1.1.1. Indoor Positioning for Operational Applications
Aircraft turnaround optimization has been the subject of extensive research, with particular focus on passenger boarding procedures. Studies have investigated optimal boarding strategies considering operational constraints such as the seat load factor, group composition, and baggage volume [23,24,25,30]. A fundamental limitation of current approaches is the absence of real-time cabin state information. Aircraft cabins typically lack sensor infrastructure, preventing optimization strategies from adapting to actual conditions and limiting the effectiveness of boarding sequence planning [31]. The COVID-19 pandemic has further emphasized this limitation, as requirements for physical distancing during boarding significantly extended turnaround times, with boarding durations nearly doubling when distance rules are strictly applied [26,27].
Indoor positioning systems (IPS) represent a technological solution to address these operational challenges through real-time location awareness. IPS have been studied extensively, driven by the proliferation of location-based services and the limitations of satellite navigation in indoor environments [1,5].

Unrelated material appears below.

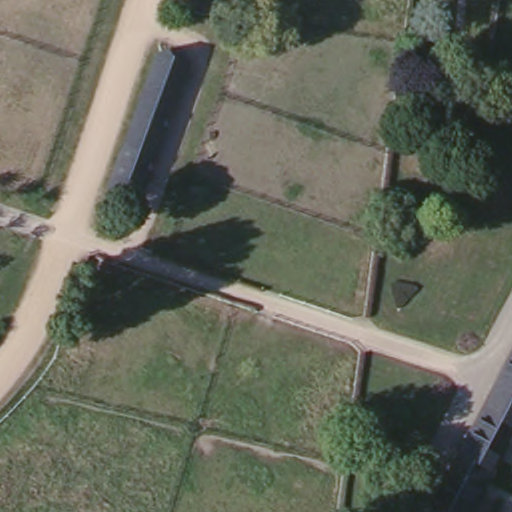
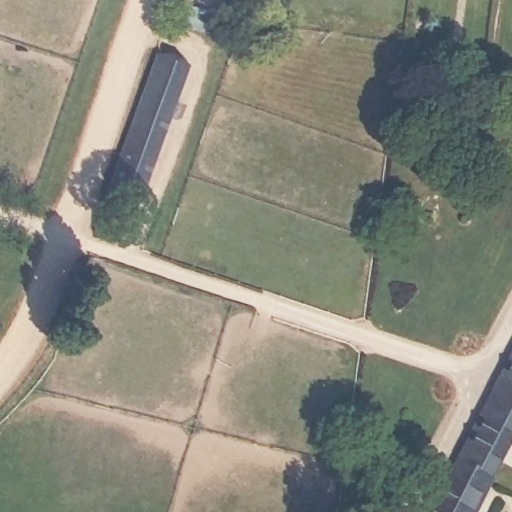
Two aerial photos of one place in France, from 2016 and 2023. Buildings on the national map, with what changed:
unchanged [(106,184),(146,88),(148,89),(163,53),(191,64),(136,196),(106,184)]
unchanged [(471,512),(427,512),(512,340),(512,434),(471,512)]

Surveys of IPS technologies address trade-offs between accuracy, coverage, infrastructure requirements, and cost [3,4], categorizing positioning methods into geometric approaches such as multilateration and fingerprinting techniques that match signal characteristics against location-tagged databases [1,2,32]. UWB is well suited for high-precision positioning: its large bandwidth provides fine temporal resolution for timing-based measurements and inherent resistance to interference, enabling centimeter-level ranging under favorable LOS conditions [1]. Accuracy degrades in NLOS scenarios, where obstructions introduce positive range biases through diffraction, reflection, and scattering [20].
The aircraft cabin presents distinct challenges for radio-based positioning. The metallic fuselage creates a highly reflective environment with strong multipath propagation, while the elongated geometry and densely arranged seats produce complex visibility conditions between anchors and mobile devices [13]. Empirical channel measurements have characterized cabin-specific propagation phenomena, including the effect of human presence on UWB propagation [14,33], and Cogalan et al. [34] developed measurement-based channel models providing parameters for stochastic simulation of realistic cabin conditions.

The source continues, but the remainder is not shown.